Lakshmi received these lunch packets every day, and they came with a handwritten note

The simplicity of these gestures, the generosity, and the notes she sent put more wind in my sails than the eight tablets (mostly multivitamins) I was putting into my body every day to fight the virus.  I was lucky enough to recover at home without hospitalization even as hundreds of people (2.7 lakh) in India have succumbed to the pandemic as of May 17.

As a nation, all our fault lines now lay completely exposed. Entire families are testing positive and struggling with managing their recovery from Covid-19, mental health concerns are rising for many with pre-existing conditions, young kids are managing by themselves at home as parents recoup in hospitals, multiple lives have been lost in a single family – and the worst of human suffering is still unfolding in front of us.

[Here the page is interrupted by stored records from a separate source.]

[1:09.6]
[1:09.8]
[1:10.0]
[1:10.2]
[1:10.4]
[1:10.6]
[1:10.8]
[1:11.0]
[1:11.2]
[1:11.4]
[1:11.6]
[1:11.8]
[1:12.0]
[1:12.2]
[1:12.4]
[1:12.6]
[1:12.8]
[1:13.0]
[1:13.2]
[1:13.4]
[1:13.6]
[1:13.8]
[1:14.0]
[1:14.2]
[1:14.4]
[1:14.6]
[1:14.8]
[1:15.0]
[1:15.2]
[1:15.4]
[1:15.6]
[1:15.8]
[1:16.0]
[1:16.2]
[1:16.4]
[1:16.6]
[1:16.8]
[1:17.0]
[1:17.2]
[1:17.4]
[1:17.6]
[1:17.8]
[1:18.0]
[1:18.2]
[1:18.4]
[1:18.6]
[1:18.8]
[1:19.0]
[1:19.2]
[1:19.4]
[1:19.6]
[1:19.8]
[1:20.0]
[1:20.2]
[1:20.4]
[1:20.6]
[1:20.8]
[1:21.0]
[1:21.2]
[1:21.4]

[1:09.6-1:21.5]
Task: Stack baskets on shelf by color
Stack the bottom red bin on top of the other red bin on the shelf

And yet, each day we read and hear of countless kindnesses that are also part of the “India story” as we brave this pandemic. Everyday scores of home chefs, homemakers, NGO’s, youth, and volunteers are busy providing meals and other services to thousands of Covid-19 affected patients and their families. Countless calls and tweets are being made by strangers as they help out patients in need of oxygen cylinders or ventilators and many are volunteering to cremate the dead. We read of police officers driving for hours to find a hospital bed for a patient or arrange a ventilator. Even as the economy teeters, corporate India is backing its people with paid leaves, jobs, loans, and financial support for bereaved families. What this tells me is that somewhere our collective conscience as a nation and the syncretic culture of India is not yet lost. 

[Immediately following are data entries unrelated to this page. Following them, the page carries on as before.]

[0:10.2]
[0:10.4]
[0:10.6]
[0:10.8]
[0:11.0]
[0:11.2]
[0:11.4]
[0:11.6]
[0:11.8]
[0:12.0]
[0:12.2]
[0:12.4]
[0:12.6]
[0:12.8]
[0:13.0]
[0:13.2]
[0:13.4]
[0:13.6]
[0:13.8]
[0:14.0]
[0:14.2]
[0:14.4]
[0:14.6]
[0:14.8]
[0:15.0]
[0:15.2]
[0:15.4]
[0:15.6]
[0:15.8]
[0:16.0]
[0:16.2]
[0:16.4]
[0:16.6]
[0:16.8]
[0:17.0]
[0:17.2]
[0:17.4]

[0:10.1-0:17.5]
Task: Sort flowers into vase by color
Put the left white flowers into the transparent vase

So where do we begin the work of healing? We begin first with ourselves and then with others who need our support to heal themselves. Ask simple questions and offer help as these are the only elements that we control in present times. This second wave of Coronavirus reminded me of simpler times and simple gestures like sending over food to an unwell neighbor or doing seva (service) by feeding the sick or vulnerable which was such a core middle class Indian value. I wonder when we became a society that began thinking in terms of us versus them.

To put things in perspective, we have all lost something and someone during this pandemic. As a nation we are lost, in grief, in denial and need direction. Unfortunately, many more of us will be lost before we recoup from this pandemic. My only take away from my own illness and recovery is to keep looking across the aisle and care. Simple things like checking up on people who may not be as privileged as we are or building communities or families wherever we are.

As news headlines rain blows on us day after day, telling us of numerous tragedies unfolding all around us and an unresponsive government which refuses to step up to the task of providing direction- we can only count on each other. And like I was telling a friend – India is literally currently running on kindness these days – the kindness of strangers.

About the author: Lakshmi Ajay is a minstrel at large, looking at life and that zany moment in between. She describes herself as a lifeist, dance-demon, newshound, Bollywood fanatic/ au fait, outwitter, contrarian, dusk gatherer, who is always hunting for the best Chaat on the streets of Bangalore with a filter Kaapi in hand.